WE LOVE YOU, YOU BASTARD /
Salaud, on t'aime


North American Premiere • Dramatic comedy • France, 2014

DCP • 2.35 • Dolby Digital • Color • 124 min

 

Directed by: Claude Lelouch

Written by: Claude Lelouch           , Valérie Perrin

Cinematography: Claude Lelouch

Film Editing: Stéphane Mazalaigue

Original Score: Francis Lai et Christian Gaubert

Produced by: Claude Lelouch (Les Films 13)

Coproduced by: Rhône-Alpes Cinéma

Cast: Johnny Hallyday (Jacques Kaminsky), Sandrine Bonnaire (Nathalie Béranger), Eddy Mitchell (Frédéric Selman), Agnès Soral (Bianca Kaminsky), Irène Jacob (Printemps Kaminsky), Pauline Lefèvre (Eté Kaminsky), Sarah Kazemy (Automne Kaminsky), Jenna Thiam (Hiver Kaminsky)

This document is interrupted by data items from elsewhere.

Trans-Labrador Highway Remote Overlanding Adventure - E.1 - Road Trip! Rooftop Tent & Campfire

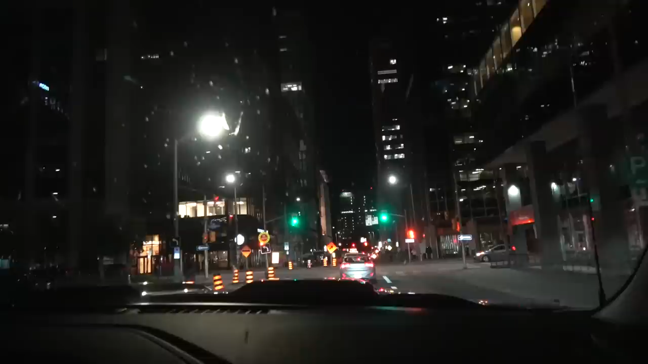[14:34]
So we did about 5 hours, and we got caught into some terrible traffic and had to cut through downtown Ottawa. It was just terrible.
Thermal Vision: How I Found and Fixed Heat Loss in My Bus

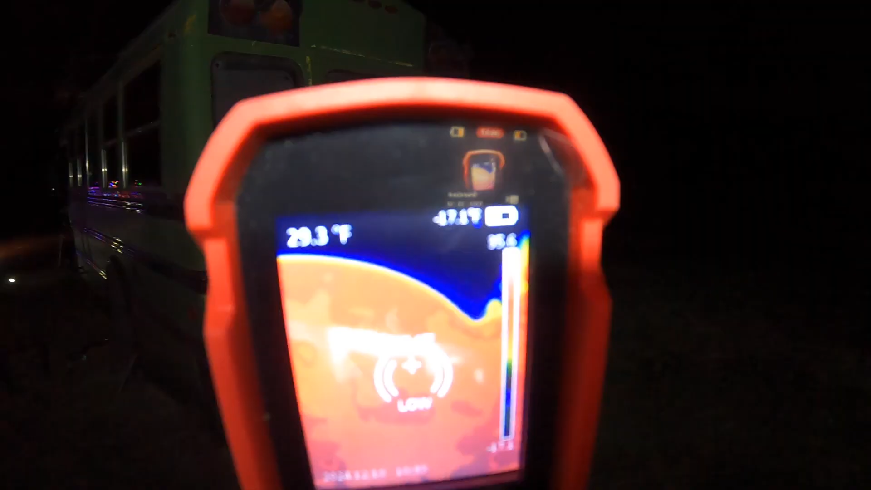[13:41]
On screen: spot 29.3°F
But it's still just going to be like this.
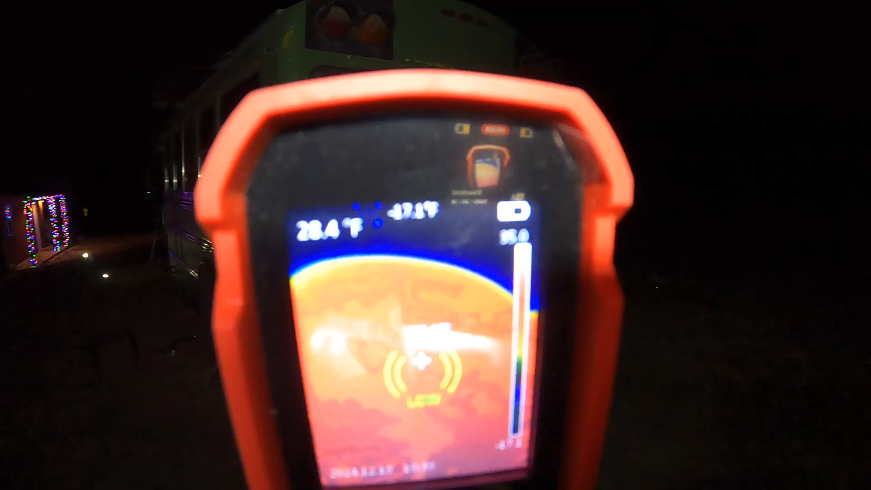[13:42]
On screen: spot 28.4°F
I'm not really sure what else to do here. All right now we're on the passenger side of the bus.
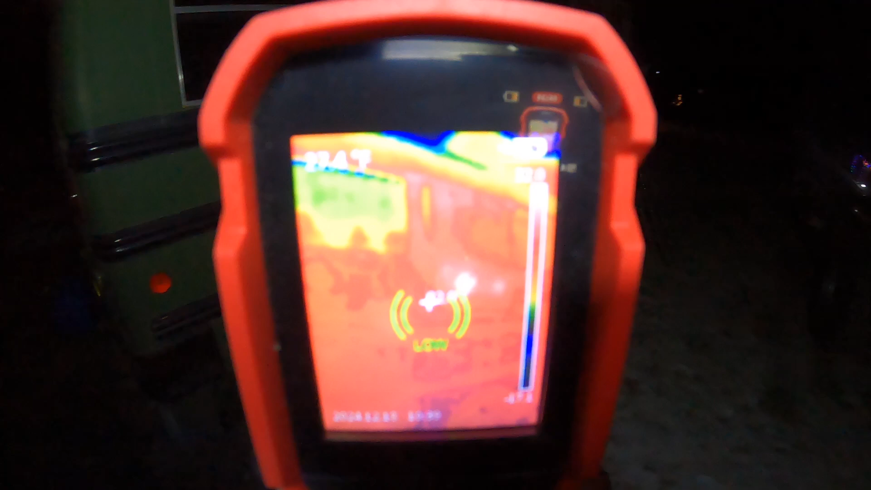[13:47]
Overall I don't see too much heat loss in the walls themselves.
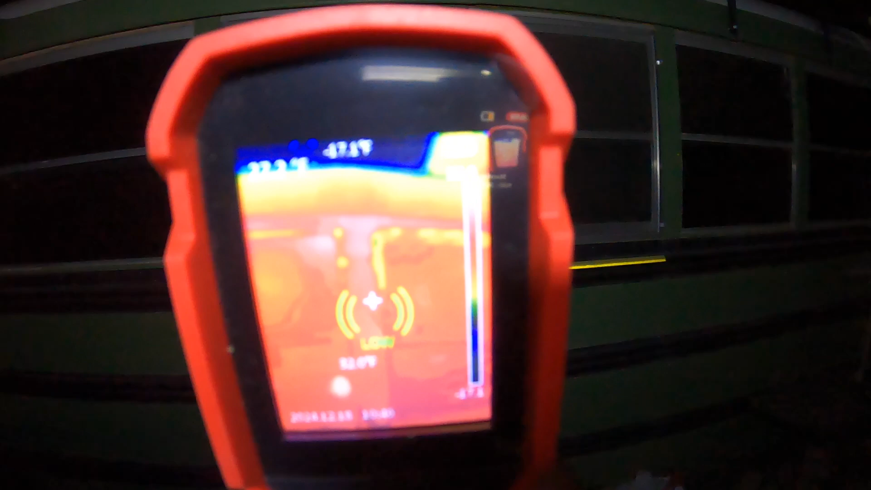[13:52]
But yeah those window frames real bad.
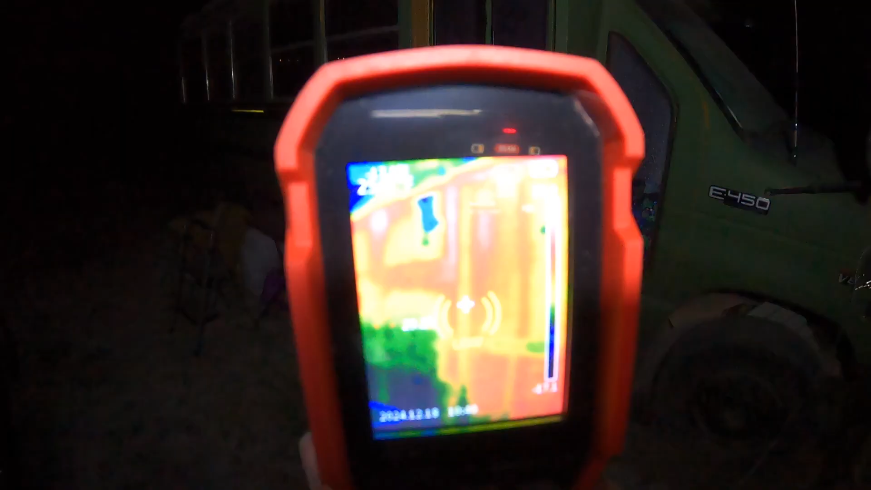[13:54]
Overall it's not too bad.
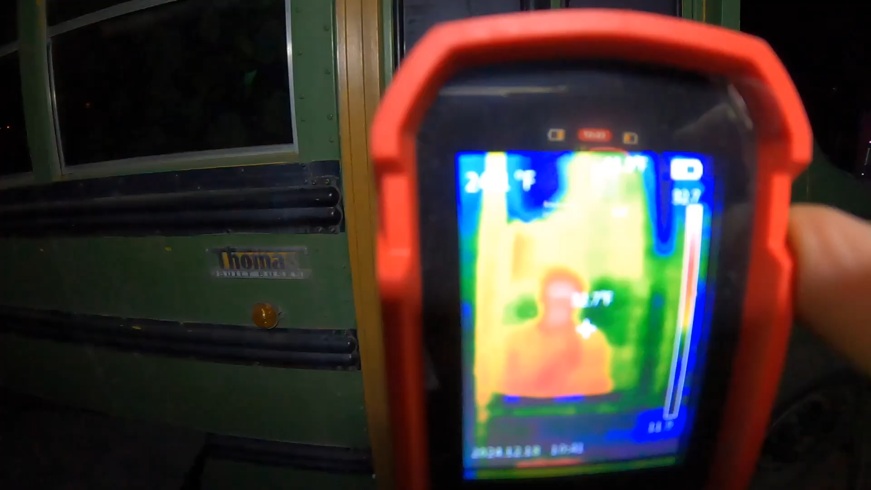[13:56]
Ah see what I mean?
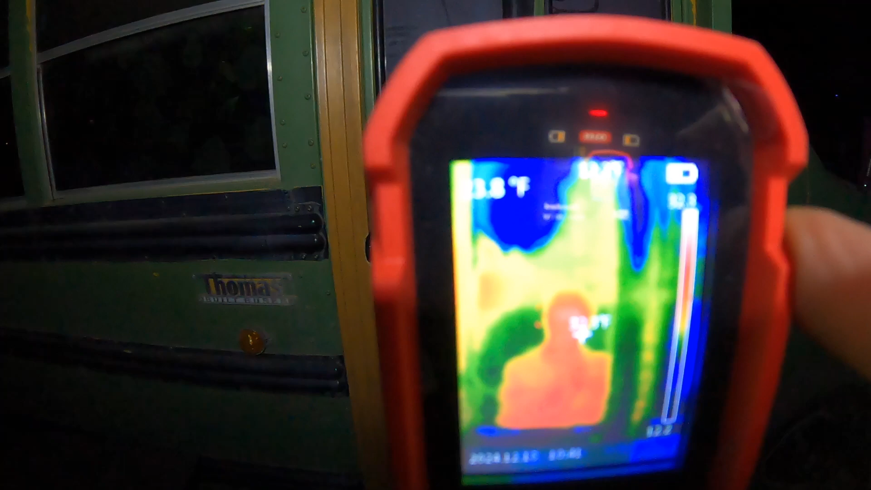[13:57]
That's me. Windows are very reflective for thermal imaging so it's a bit tricky.
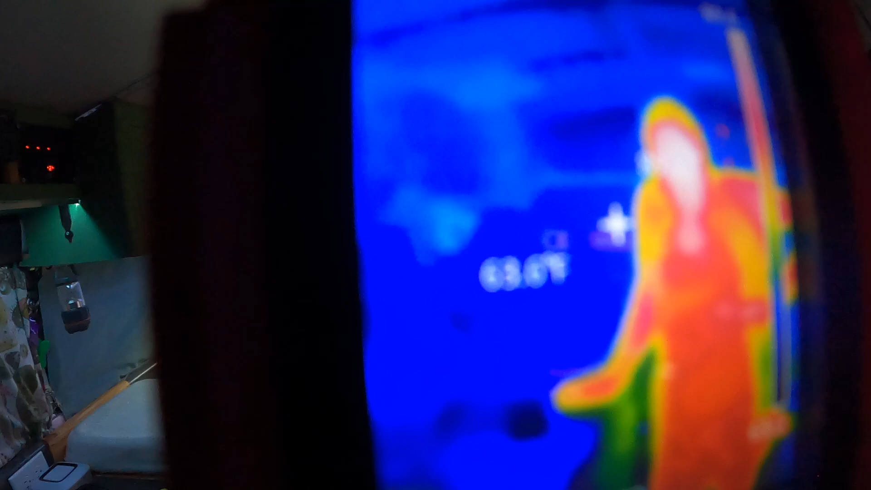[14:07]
I did not. Oh we didn't talk about in here too. I guess we did a little bit in our food pantry.
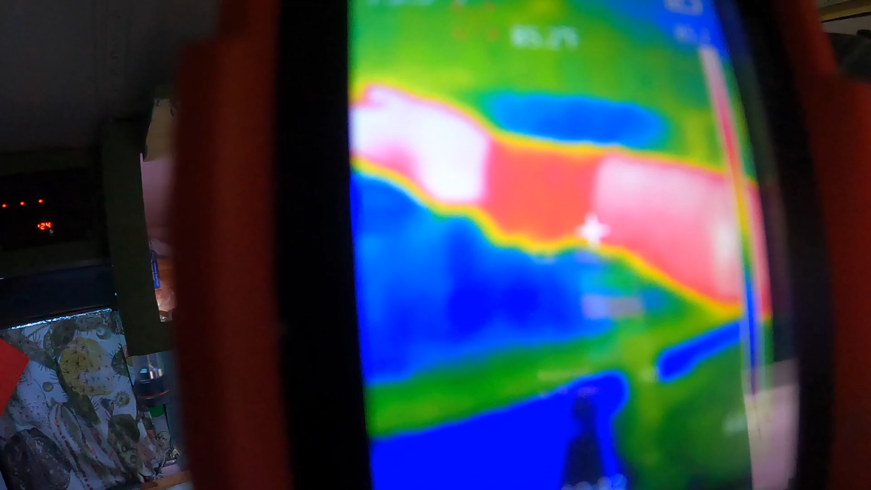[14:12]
Just some pink foam but that's not really as exciting.
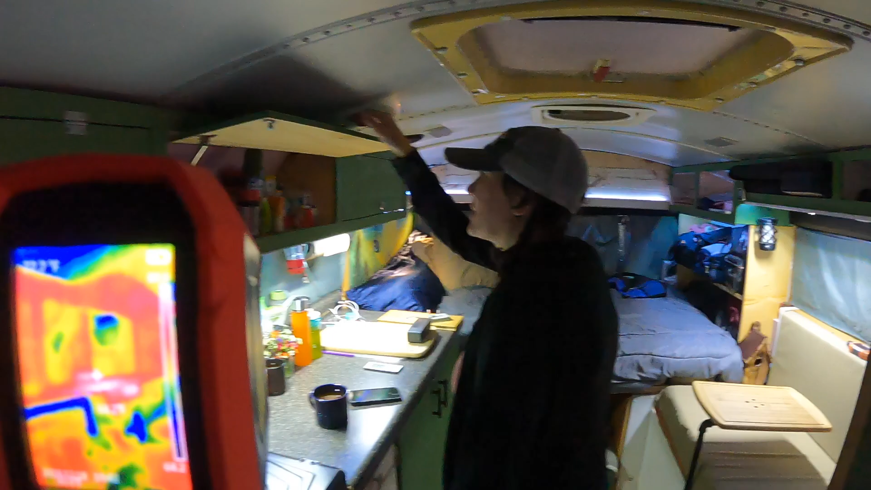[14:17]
Yeah the pantries were also cold just like the rest of the cubbies so we insulated those as well. It's just...
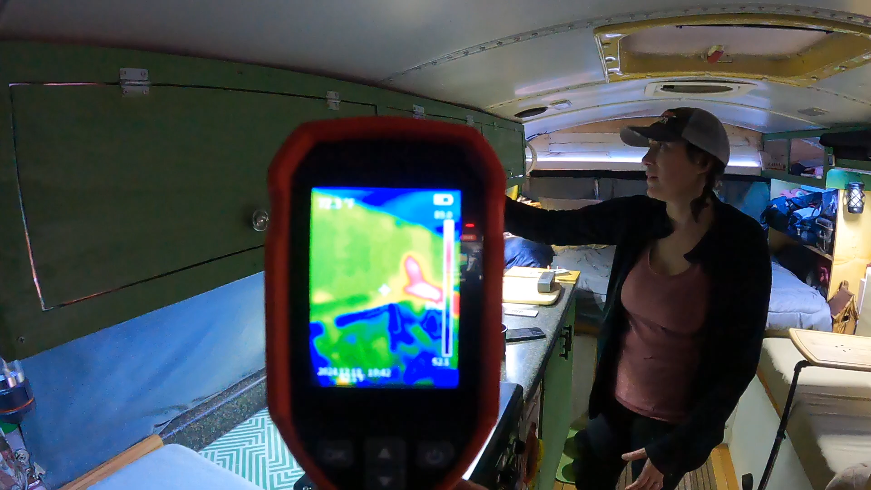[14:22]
The doors help a lot but it just yeah it was just sort of wafting cold air every time.
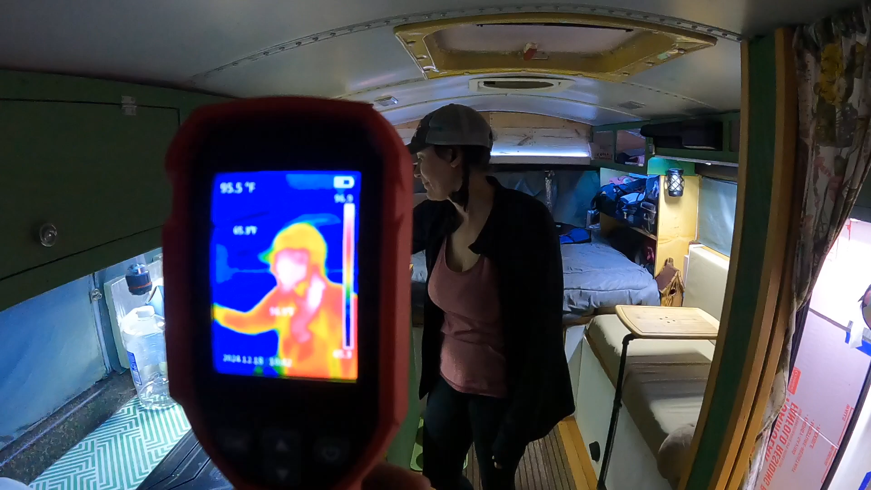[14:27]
On screen: spot 95.5°F
It's just baby steps so you just gotta you just gotta keep picking away at it and I think going outside really
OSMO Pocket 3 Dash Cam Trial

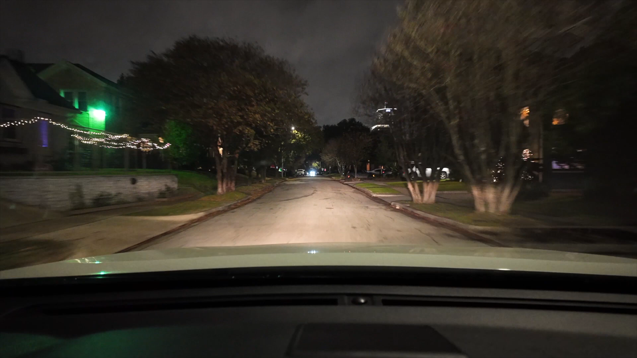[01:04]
So this is what night driving looks with the low light on. And, you know, considering these street lights aren't that great. They're pretty, pretty lame.
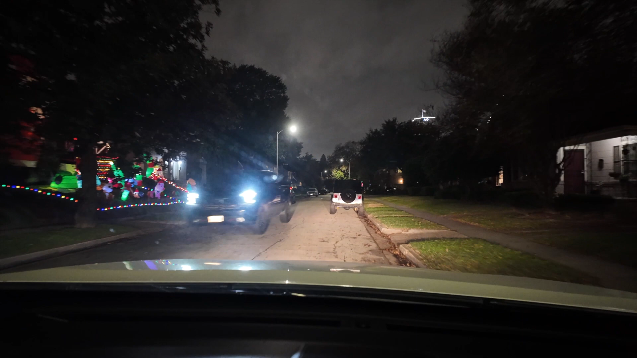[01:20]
It's a truck to pass. But this is the street.
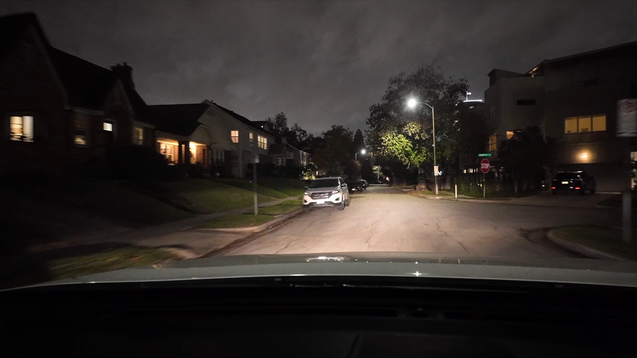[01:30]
It'll be interesting to see what some of the Christmas lights look like. I don't know if you can see them or not. But these are kind of bumpy streets. And I'm stopping and turning. So that should exercise a little bit. And there you can see some Christmas lights.

International Sales: Les Films 26

 

French rock icon Johnny Hallyday plays Jacques, a retired war photographer attempting to live a peaceful life in the Alps. With a new girlfriend, Nathalie, he appears content, but his old friend Frédéric, played by another singing idol, Eddy Mitchell, knows better. There is a little matter of four daughters, each one from a different conquest, each one estranged from him, and each leaving their shadow on Jacques’ emotional life. Realizing that reconciliation is the thing Jacques craves most, Frédéric, a doctor, concocts a little lie to convince the daughters to visit their absentee father. Well, not so little. In fact, it’s a really big lie, and as the family gathers, as accounts are settled through tears and laughter, the lie gets harder and harder to retract. The luminous lineup of female stars includes a radiant Sandrine Bonnaire.

 

Living legend, writer/director Claude Lelouch said that this film is about a man arriving at the point of his life where he has a new appreciation for things, because he is experiencing them for the last time, strong words for a man who, after forty-four films, has experienced a great deal. Starting out as a film journalist, Lelouch scored a worldwide hit with A Man and a Woman (1966), which not only won the Palme d’Or, and Oscars for Best Screenplay (shared with Pierre Uytterhoeven) and Best Foreign Film, but also became an iconic soundtrack of the sixties. Although he was now the most famous filmmaker of a generation, he was also self-taught, and his earnest, sentimental films left the serious critics of Cahiers du cinéma scratching their collective heads. Audiences didn’t mind, nor did Lelouch, as he notched such hits as Les Misérables (1995), a re-interpretation set in Nazi-occupied France, and the more recent thriller Roman de gare (COLCOA 2008). With a new film already in the works, Claude Lelouch shows no sign that audiences will be experiencing his work for the last time, anytime soon.